To address the costs of moving away from China, the Trump administration and Congress should consider giving grants to pharmaceutical companies willing to commit to building domestic production facilities. They should also give tax breaks to manufacturers and new medical buildings and equipment should be singled out for further reductions.

White round pills on blue background

This would help lower the overall startup cost of drug manufacturing, enable the private sector to expand, stabilize the U.S. economy, and would be a major investment in our long-term capacity and self-reliance from China and other countries.

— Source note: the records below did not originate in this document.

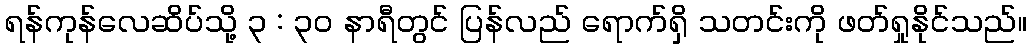
ရန်ကုန်လေဆိပ်သို့ ၃ : ၃၀ နာရီတွင် ပြန်လည် ရောက်ရှိ သတင်းကို ဖတ်ရှုနိုင်သည်။
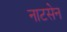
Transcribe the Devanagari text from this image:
नाटसेन
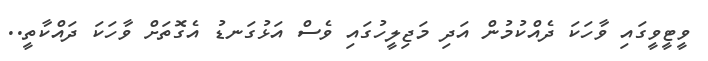
ވީޓީވީގައި ވާހަކަ ދެއްކުމުން އަދި މަޖިލީހުގައި ވެސް އަޅުގަނޑު އެގޮތަށް ވާހަކަ ދައްކާތީ..
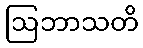
ဩဘာသတိ
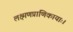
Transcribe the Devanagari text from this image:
लक्ष्मणप्राणिकायाः।
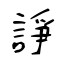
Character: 諍
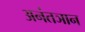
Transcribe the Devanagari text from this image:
अनंतञान
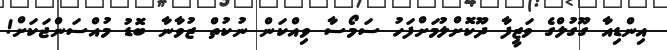
އިންޑިއާ ގޫގުލްގެ ވަޒީފާ ދޫކޮށްލުމަށްފަހު ސަމޯސާ ވިއްކަން ނުކުތް ޒުވާނާ ބޮޑު މުއްސަންޖަކަށް!
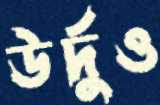
উর্দুও
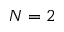
N = 2
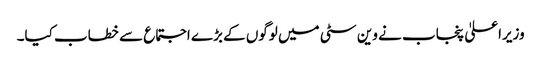
وزیراعلیٰ پنجاب نے وین سٹی میں لوگوں کے بڑے اجتماع سے خطاب کیا۔
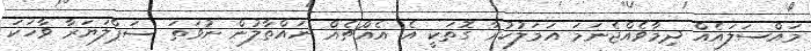
މައްސަލައެއް ދިމާވެއްޖެނަމަ އަމަލުކުރާ ގޮތަކީ އެ އެއްޗެއް ނައްތާލުން ނުވަތަ ސަޕްލަޔަރާ ވާހަކަ
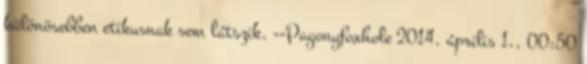
különösebben etikusnak sem látszik. --Pagonyfoxhole 2014. április 1., 00:50
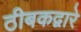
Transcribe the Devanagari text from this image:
ठीबकद्वारे
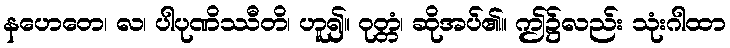
နဟေတေ၊ လ၊ ပါပုဏိဿီတိ၊ ဟူ၍။ ဝုတ္တံ၊ ဆိုအပ်၏။ ဤ၌လည်း သုံးဂါထာ
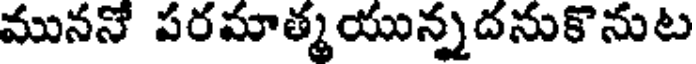
ముననో పరమాత్మయున్నదనుకొనుట
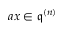
a x \in { \mathfrak { q } } ^ { ( n ) }
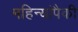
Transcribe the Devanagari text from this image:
महिन्यांपैकी
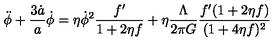
\ddot { \phi } + \frac { 3 \dot { a } } { a } \dot { \phi } = \eta \dot { \phi } ^ { 2 } \frac { f ^ { \prime } } { 1 + 2 \eta f } + \eta \frac { \Lambda } { 2 \pi G } \frac { f ^ { \prime } ( 1 + 2 \eta f ) } { ( 1 + 4 \eta f ) ^ { 2 } }
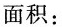
面积：
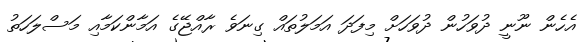
އެހެން ނޫނީ ދުވަހުން ދުވަހަށް މިފަދަ އަމަލުތައް ގިނަވެ ރާއްޖޭގެ އަމާންކަމާއި މަސްލަހަތު
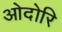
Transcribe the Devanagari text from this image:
ओदोरि
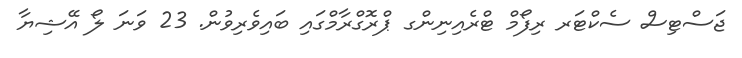
ޖަސްޓިސް ސެކްޓަރ ރިފޯމް ޓްރެއިނިންގ ޕްރޮގްރާމްގައި ބައިވެރިވުން. 23 ވަނަ ލޯ އޭޝިޔާ
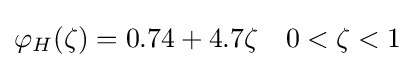
\varphi _{H}(\zeta )=0.74+4.7\zeta \quad 0<\zeta <1
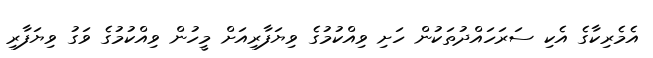
އެމެރިކާގެ އެކި ސަރަހައްދުތަކުން ހަށި ވިއްކުމުގެ ވިޔަފާރިއަށް މީހުން ވިއްކުމުގެ ވަގު ވިޔަފާރި
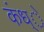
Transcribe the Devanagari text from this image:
कंध्े
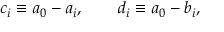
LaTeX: c _ { i } \equiv a _ { 0 } - a _ { i } , \qquad d _ { i } \equiv a _ { 0 } - b _ { i } ,
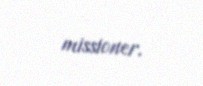
missioner.
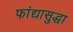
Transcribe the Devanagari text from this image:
फांद्यासुद्धा
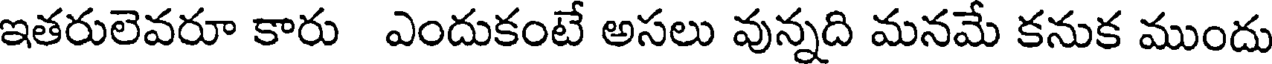
ఇతరులెవరూ కారు ఎందుకంటే అసలు వున్నది మనమే కనుక ముందు
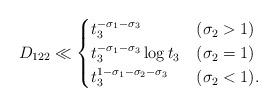
LaTeX: \begin{align*}D_{122} \ll \begin{cases}t_3^{-\sigma_1-\sigma_3} & (\sigma_2>1) \\t_3^{-\sigma_1-\sigma_3} \log t_3 & (\sigma_2=1) \\t_3^{1-\sigma_1-\sigma_2-\sigma_3} & (\sigma_2<1). \\\end{cases}\end{align*}
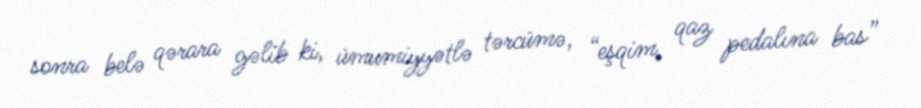
sonra belə qərara gəlib ki, ümumiyyətlə tərcümə, “eşqim, qaz pedalına bas”
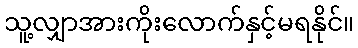
သူ့လျှာအားကိုးလောက်နှင့်မရနိုင်။
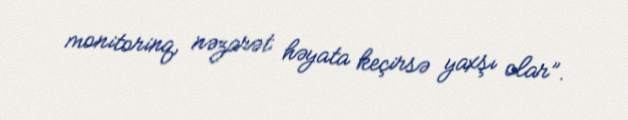
monitorinq, nəzarət həyata keçirsə yaxşı olar”.
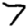
Digit: 7
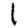
Digit: 1
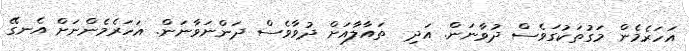
އަހަރެމެން މަގުތަކުގަވެސް ދުވާނަން. އަދި  ތައާލާއަށް ދުވާވެސް ދަންނަވާނަން. އަހަރެމެންނަށް އެނގޭ
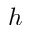
h
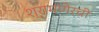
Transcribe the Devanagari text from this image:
श्रामणेरची
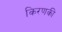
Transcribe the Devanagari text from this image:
किरणकी
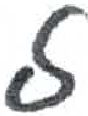
אות: ל
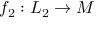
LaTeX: f _ { 2 } : L _ { 2 } \to M
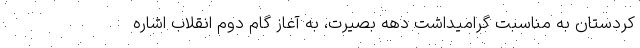
کردستان به مناسبت گرامیداشت دهه بصیرت، به آغاز گام دوم انقلاب اشاره
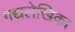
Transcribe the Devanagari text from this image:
गद्यलेखिका
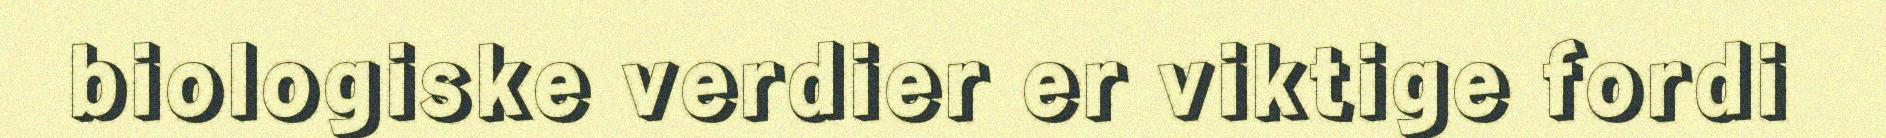
biologiske verdier er viktige fordi
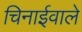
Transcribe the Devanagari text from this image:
चिनाईवाले
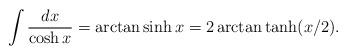
LaTeX: \begin{align*}\displaystyle\int \displaystyle\frac{dx}{\cosh x}=\arctan \sinh x=2\arctan \tanh (x/2).\end{align*}
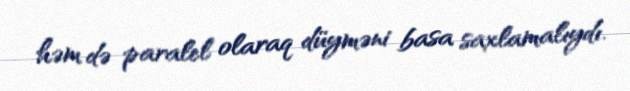
həm də paralel olaraq düyməni basa saxlamalıydı.
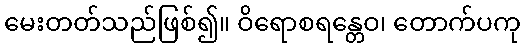
မေးတတ်သည်ဖြစ်၍။ ဝိရောစရန္တေဝ၊ တောက်ပကု
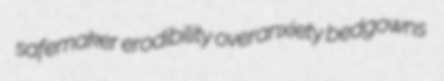
safemaker erodibility overanxiety bedgowns
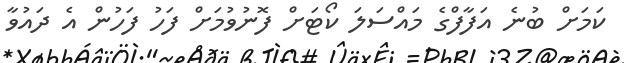
ކަމަށް ބުނެ އަފާފްގެ މައްސަލަ ކޯޓަށް ފޮނުވުމަށް ފަހު ފަހުން އެ ދައުވާ
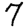
Digit: 7
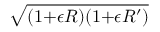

Some analysts are advocating for adjacent territories and nations such as Puerto Rico and Mexico to be incentivized and given the task of becoming the central location for U.S. drug manufacturing. This would allow us to invest economically in these countries which in the long term would help us to lessen our reliance on just China for pharmaceutical and medical supplies.

Mexico has enormous growth potential and its location makes it an attractive investment destination. Although it brings with it risks in the form of corruption and organized crime, it could also help secure our southern border as Mexico advances economically and gives its citizens better-living conditions, and therefore less reason to cross illegally into the United States.

At any rate, as we look at the global pandemic happening it should awaken us to our dangerous reliance on other countries, and we have been afforded an opportunity to change this that we must take.

It is long past time to develop a plan to end China’s dominance of critical pharmaceutical supplies, their leverage over our economy, bring back domestic manufacturing, and with it our jobs and our security.